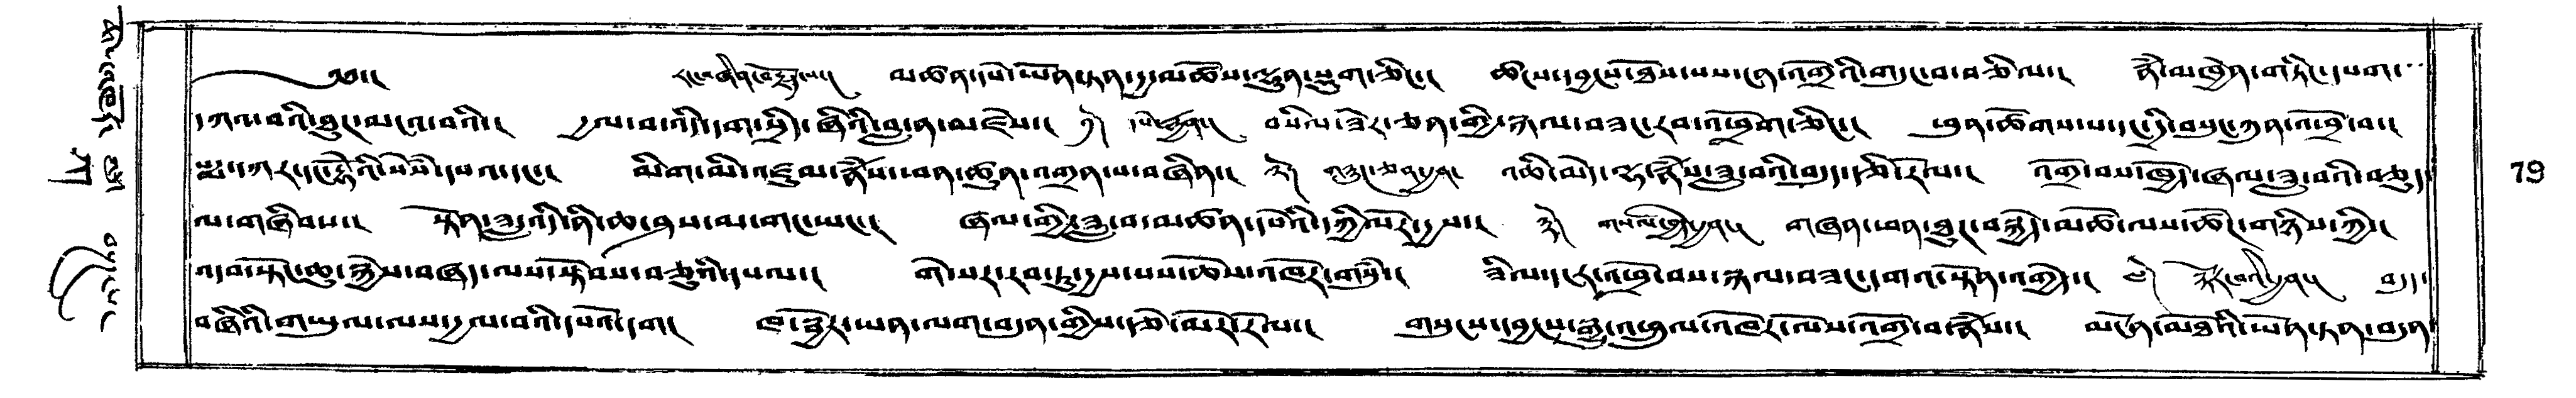རང་བཞིན་བརྗོད་པ། མཚན་དཔེ་ཡོན་ཏན་རྒྱ་མཚོས་ལྷུན་སྡུག་ཅིང་། །ཚངས་དབྱངས་ཐོས་པས་ངན་འགྲོའི་གདུང་བ་བཅིལ། །རྣམ་མཁྱེན་གཏིང་དཔག་
དཀའ་བའི་ཐུགས་མངའ་བའི། །རྒྱལ་བ་འདི་དག་སྲིད་ཞིའི་བླ་ན་མཛེས། ། ༡༽ དཔེ་རྒྱན། བསིལ་ཟེར་ཅན་གྱི་སྐལ་བཟང་རབ་འཕྲོག་ཅིང་། །ཕུན་ཚོགས་པ་དང་དྲི་བསུང་ཀུན་འཕྲོ་བ། །
པདྨ་ཀར་དང་རྡོ་རྗེའི་སེམས་དཔའ་དང་། །མིག་མི་འཛུམ་རྣམས་ཕན་ཚུན་འགྲན་པ་བཞིན། ། ༢༽ གཟུགས་ཅན་རྒྱན། འཆི་མེད་ལྷ་རྣམས་ཟླ་བའི་བདུད་རྩིར་རོལ། །འགྲོ་བས་ཁྱོད་ཞལ་ཟླ་བའི་བཅུད་
ལ་གཞིབས། །སྟོན་ཟླ་འདི་ནི་ཆ་ཤས་མ་གང་ཡང་། །ཞལ་གྱི་ཟླ་བ་མཚན་དཔེའི་དཀྱིལ་འཁོར་རྒྱས། ༣༽ གསལ་བྱེད་རྒྱན། གཞན་ཕན་ཐུགས་བསྐྱེད་མཚོ་ལས་ཚོགས་གཉིས་ཀྱི། །
འདབ་སྟོང་ཆུ་སྐྱེས་བཞད་ལས་སྟོབས་བཅུའི་དཔལ། །གེ་སར་རབ་ཏུ་རྒྱས་པས་ཆོས་འཁོར་གསུམ། །ཟིལ་དངར་འཕྲོ་བས་སྐལ་བཟང་དགའ་སྟོན་འགྱེད། ། ༤༽ སྐོར་བའི་རྒྱན། བདུད་
བཞིའི་གཡུལ་ལས་རྒྱལ་བའི་དཔའ་བོ་དག ། ཁ་སྦྱོར་ཡན་ལག་བདུན་གྱིས་རྩེ་མོར་རོལ། །གསུང་དབྱངས་སྒྱུ་འཕྲུལ་འཁོར་ལོས་འགྲོ་བ་རྣམས། །མངོན་མཐོའི་ཡོན་ཏན་བདུན་

☆ ☆ ☆ ☆ ☆ ☆ ☆

- _Problem statement_
Print only the lines from the first line of the data above through the one containing "དཀའ་བའི་ཐུགས་མངའ་བའི། །རྒྱལ་བ་འདི་དག་སྲིད་ཞིའི་བླ་ན་མཛེས། །", exactly as they are, with pictures omitted.

- _Exercise result_
རང་བཞིན་བརྗོད་པ། མཚན་དཔེ་ཡོན་ཏན་རྒྱ་མཚོས་ལྷུན་སྡུག་ཅིང་། །ཚངས་དབྱངས་ཐོས་པས་ངན་འགྲོའི་གདུང་བ་བཅིལ། །རྣམ་མཁྱེན་གཏིང་དཔག་
དཀའ་བའི་ཐུགས་མངའ་བའི། །རྒྱལ་བ་འདི་དག་སྲིད་ཞིའི་བླ་ན་མཛེས། ། ༡༽ དཔེ་རྒྱན། བསིལ་ཟེར་ཅན་གྱི་སྐལ་བཟང་རབ་འཕྲོག་ཅིང་། །ཕུན་ཚོགས་པ་དང་དྲི་བསུང་ཀུན་འཕྲོ་བ། །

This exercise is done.